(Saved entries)
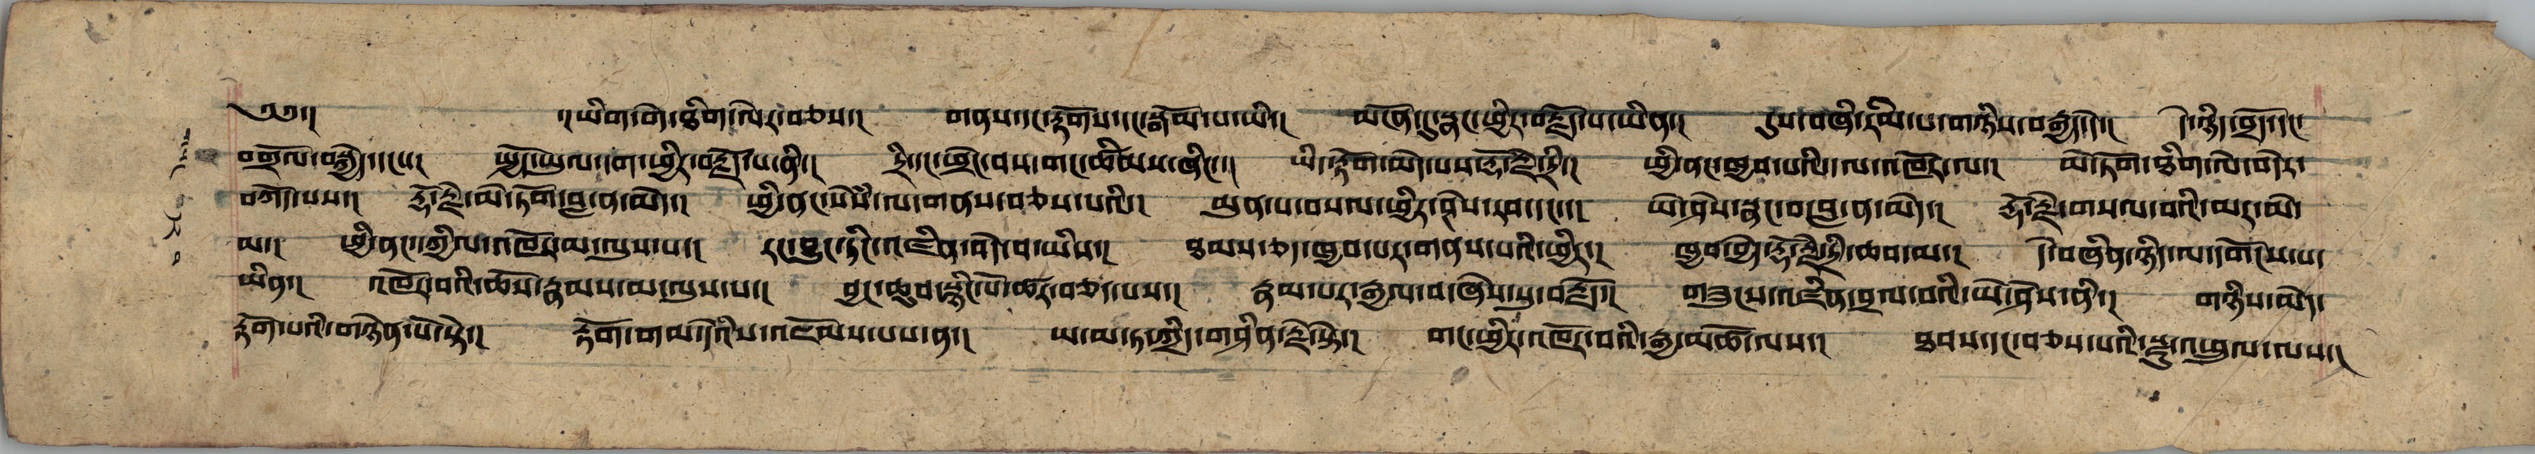༄༅་། ་།ཡིག་བདེ་ཐིག་ལེར་བཅས་། གནས་དང་རྟོགས་དང་སྒོམ་པ་ཡི་། མངོན་དུ་སྣང་ཕྱིར་བརྗོད་པ་ཡིན་། དུས་བཞི་རིམ་པ་གཉིས་བརྒྱད་དེ་། དེ་ཉིད་བྲོད་དང་
བགྲོལ་བསྐྱེད་དང་་། སྤྱོད་ཡུལ་དག་ཕྱིར་བརྗོད་པ་ནི་། དྲི་དང་ཕྲེང་བས་གང་ཚིམས་ཞིང་་། ཡི་སྟོག་མེད་པས་རྡོ་རྗེ་དྲི་། ཕྱི་ནང་ཁྱབ་པའི་ལ་འཁོར་ལ་། མེ་ཏོག་ཐིག་ལེ་བདེར་
བཀོད་པས་། རྡོ་རྗེ་མེ་ཏོག་བླ་ན་མེད་། ཕྱི་ནང་སེཾས་ལ་གནས་བཅས་པའི་། མུན་པ་བསལ་ཕྱིར་ཤེས་རབ་དང་་། ཡེ་ཤེས་སྣང་བ་བླ་ན་མེད་། རྡོ་རྗེ་གསལ་བའི་མར་མེ་
མ་། ཕྱི་ནང་དཀྱིལ་འཁོར་མ་ལུས་པ་། རང་བྱུང་ཏིང་འཛིན་བདེ་བ་ཡིས་། ཐམས་ཅད་ཁྱབ་པར་གནས་པའི་ཕྱིར་། ཁྱབ་བྱེད་རྡོ་རྗེ་དྲི་ཆབ་མ་། དེ་བཞིན་ཉིད་ལ་དགོངས་པ་
ཡིན་། འཁོར་བའི་ཆོས་རྣམས་མ་ལུས་པ་། བྱང་ཆུབ་སྙིང་པོ་ཚར་བཅད་པས་། རྣམ་པར་རྒྱལ་བ་ཞེས་སུ་བརྗོད་། གཟུངས་འཛིན་བྲལ་བའི་ཡེ་ཤེས་ནི་། གཉིས་མེད་
རྟོག་པའི་གཉེན་པོ་སྟེ་། རྟོག་གམ་དེའིས་འཇོམས་པས་ན་། ཡ་མ་ཏ་ཀྲིད་གཤིན་རྗེ་སྟེ་། གང་ཕྱིར་འཁོར་བའི་རྒྱ་མཚོ་ལས་། ཐབས་དང་བཅས་པའི་སྫུ་འཕྲུལ་ལས་།
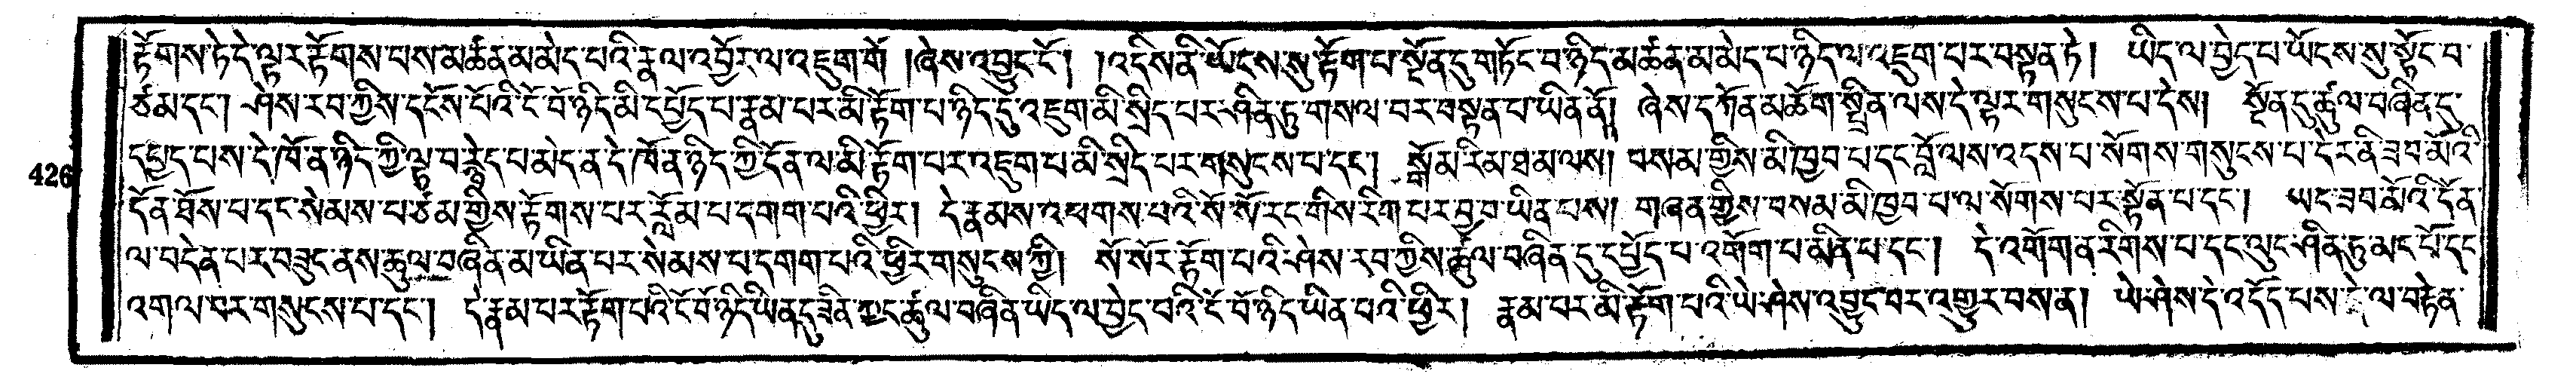རྟོགས་ཏེ་དེ་ལྟར་རྟོགས་པས་མཚན་མ་མེད་པའི་རྣལ་འབྱོར་ལ་འཇུག་གོ །ཞེས་འབྱུང་ངོ། །འདིས་ནི་ཡོངས་སུ་རྟོགས་པ་སྔོན་དུ་གཏོང་བ་ཉིད་མཚན་མ་མེད་པ་ཉིད་ལ་འཇུག་པར་བསྟན་ཏེ། ཡིད་ལ་བྱེད་པ་ཡོངས་སུ་སྟོང་བ་
ཙམ་དང་། ཤེས་རབ་ཀྱིས་དངོས་པོའི་ངོ་བོ་ཉིད་མི་དཔྱོད་པ་རྣམ་པར་མི་རྟོག་པ་ཉིད་དུ་འཇུག་མི་སྲིད་པར་ཤིན་ཏུ་གསལ་བར་བསྟན་པ་ཡིན་ནོ། ཞེས་དཀོན་མཆོག་སྤྲིན་ལས་དེ་ལྟར་གསུངས་པ་དེས། སྔོན་དུ་ཚུལ་བཞིན་དུ་
དཔྱད་པས་དེ་ཁོ་ན་ཉིད་ཀྱི་ལྟ་བ་བརྙེད་པ་མེད་ན་དེ་ཁོ་ན་ཉིད་ཀྱི་དོན་ལ་མི་རྟོག་པར་འཇུག་པ་མི་སྲིད་པར་གསུངས་པ་དང་། སྒོམ་རིམ་ཐ་མ་ལས། བསམ་གྱིས་མི་ཁྱབ་པ་དང་བློ་ལས་འདས་པ་སོགས་གསུངས་པ་དེར་ནི་ཟབ་མོའི་
དོན་ཐོས་པ་དང་སེམས་པ་ཙམ་གྱིས་རྟོགས་པར་རློམ་པ་དགག་པའི་ཕྱིར། དེ་རྣམས་འཕགས་པའི་སོ་སོ་རང་གིས་རིག་པར་བྱ་བ་ཡིན་པས། གཞན་གྱིས་བསམ་མི་ཁྱབ་པ་ལ་སོགས་པར་སྟོན་པ་དང་། ཡང་ཟབ་མོའི་དོན་
ལ་བདེན་པར་བཟུང་ནས་ཆུལ་བཞིན་མ་ཡིན་པར་སེམས་པ་དགག་པའི་ཕྱིར་གསུངས་ཀྱི། སོ་སོར་རྟོག་པའི་ཤེས་རབ་ཀྱིས་ཚུལ་བཞིན་དུ་དཔྱོད་པ་འགོག་པ་མིན་པ་དང་། དེ་འགོག་ན་རིགས་པ་དང་ལུང་ཤིན་ཏུ་མང་པོ་དང་
འགལ་བར་གསུངས་པ་དང་། དེ་རྣམ་པར་རྟོག་པའི་ངོ་བོ་ཉིད་ཡིན་དུ་ཟིན་ཀྱང་ཚུལ་བཞིན་ཡིད་ལ་བྱེད་པའི་ངོ་བོ་ཉིད་ཡིན་བའི་ཕྱིར། རྣམ་པར་མི་རྟོག་པའི་ཡེ་ཤེས་འབྱུང་བར་འགྱུར་བས་ན། ཡེ་ཤེས་དེ་འདོད་པས་དེ་ལ་བརྟེན་

(The task): Your copy should hold all the data word for word. It should hold no pictures.

(Response to this task):
༄༅་། ་།ཡིག་བདེ་ཐིག་ལེར་བཅས་། གནས་དང་རྟོགས་དང་སྒོམ་པ་ཡི་། མངོན་དུ་སྣང་ཕྱིར་བརྗོད་པ་ཡིན་། དུས་བཞི་རིམ་པ་གཉིས་བརྒྱད་དེ་། དེ་ཉིད་བྲོད་དང་
བགྲོལ་བསྐྱེད་དང་་། སྤྱོད་ཡུལ་དག་ཕྱིར་བརྗོད་པ་ནི་། དྲི་དང་ཕྲེང་བས་གང་ཚིམས་ཞིང་་། ཡི་སྟོག་མེད་པས་རྡོ་རྗེ་དྲི་། ཕྱི་ནང་ཁྱབ་པའི་ལ་འཁོར་ལ་། མེ་ཏོག་ཐིག་ལེ་བདེར་
བཀོད་པས་། རྡོ་རྗེ་མེ་ཏོག་བླ་ན་མེད་། ཕྱི་ནང་སེཾས་ལ་གནས་བཅས་པའི་། མུན་པ་བསལ་ཕྱིར་ཤེས་རབ་དང་་། ཡེ་ཤེས་སྣང་བ་བླ་ན་མེད་། རྡོ་རྗེ་གསལ་བའི་མར་མེ་
མ་། ཕྱི་ནང་དཀྱིལ་འཁོར་མ་ལུས་པ་། རང་བྱུང་ཏིང་འཛིན་བདེ་བ་ཡིས་། ཐམས་ཅད་ཁྱབ་པར་གནས་པའི་ཕྱིར་། ཁྱབ་བྱེད་རྡོ་རྗེ་དྲི་ཆབ་མ་། དེ་བཞིན་ཉིད་ལ་དགོངས་པ་
ཡིན་། འཁོར་བའི་ཆོས་རྣམས་མ་ལུས་པ་། བྱང་ཆུབ་སྙིང་པོ་ཚར་བཅད་པས་། རྣམ་པར་རྒྱལ་བ་ཞེས་སུ་བརྗོད་། གཟུངས་འཛིན་བྲལ་བའི་ཡེ་ཤེས་ནི་། གཉིས་མེད་
རྟོག་པའི་གཉེན་པོ་སྟེ་། རྟོག་གམ་དེའིས་འཇོམས་པས་ན་། ཡ་མ་ཏ་ཀྲིད་གཤིན་རྗེ་སྟེ་། གང་ཕྱིར་འཁོར་བའི་རྒྱ་མཚོ་ལས་། ཐབས་དང་བཅས་པའི་སྫུ་འཕྲུལ་ལས་།
རྟོགས་ཏེ་དེ་ལྟར་རྟོགས་པས་མཚན་མ་མེད་པའི་རྣལ་འབྱོར་ལ་འཇུག་གོ །ཞེས་འབྱུང་ངོ། །འདིས་ནི་ཡོངས་སུ་རྟོགས་པ་སྔོན་དུ་གཏོང་བ་ཉིད་མཚན་མ་མེད་པ་ཉིད་ལ་འཇུག་པར་བསྟན་ཏེ། ཡིད་ལ་བྱེད་པ་ཡོངས་སུ་སྟོང་བ་
ཙམ་དང་། ཤེས་རབ་ཀྱིས་དངོས་པོའི་ངོ་བོ་ཉིད་མི་དཔྱོད་པ་རྣམ་པར་མི་རྟོག་པ་ཉིད་དུ་འཇུག་མི་སྲིད་པར་ཤིན་ཏུ་གསལ་བར་བསྟན་པ་ཡིན་ནོ། ཞེས་དཀོན་མཆོག་སྤྲིན་ལས་དེ་ལྟར་གསུངས་པ་དེས། སྔོན་དུ་ཚུལ་བཞིན་དུ་
དཔྱད་པས་དེ་ཁོ་ན་ཉིད་ཀྱི་ལྟ་བ་བརྙེད་པ་མེད་ན་དེ་ཁོ་ན་ཉིད་ཀྱི་དོན་ལ་མི་རྟོག་པར་འཇུག་པ་མི་སྲིད་པར་གསུངས་པ་དང་། སྒོམ་རིམ་ཐ་མ་ལས། བསམ་གྱིས་མི་ཁྱབ་པ་དང་བློ་ལས་འདས་པ་སོགས་གསུངས་པ་དེར་ནི་ཟབ་མོའི་
དོན་ཐོས་པ་དང་སེམས་པ་ཙམ་གྱིས་རྟོགས་པར་རློམ་པ་དགག་པའི་ཕྱིར། དེ་རྣམས་འཕགས་པའི་སོ་སོ་རང་གིས་རིག་པར་བྱ་བ་ཡིན་པས། གཞན་གྱིས་བསམ་མི་ཁྱབ་པ་ལ་སོགས་པར་སྟོན་པ་དང་། ཡང་ཟབ་མོའི་དོན་
ལ་བདེན་པར་བཟུང་ནས་ཆུལ་བཞིན་མ་ཡིན་པར་སེམས་པ་དགག་པའི་ཕྱིར་གསུངས་ཀྱི། སོ་སོར་རྟོག་པའི་ཤེས་རབ་ཀྱིས་ཚུལ་བཞིན་དུ་དཔྱོད་པ་འགོག་པ་མིན་པ་དང་། དེ་འགོག་ན་རིགས་པ་དང་ལུང་ཤིན་ཏུ་མང་པོ་དང་
འགལ་བར་གསུངས་པ་དང་། དེ་རྣམ་པར་རྟོག་པའི་ངོ་བོ་ཉིད་ཡིན་དུ་ཟིན་ཀྱང་ཚུལ་བཞིན་ཡིད་ལ་བྱེད་པའི་ངོ་བོ་ཉིད་ཡིན་བའི་ཕྱིར། རྣམ་པར་མི་རྟོག་པའི་ཡེ་ཤེས་འབྱུང་བར་འགྱུར་བས་ན། ཡེ་ཤེས་དེ་འདོད་པས་དེ་ལ་བརྟེན་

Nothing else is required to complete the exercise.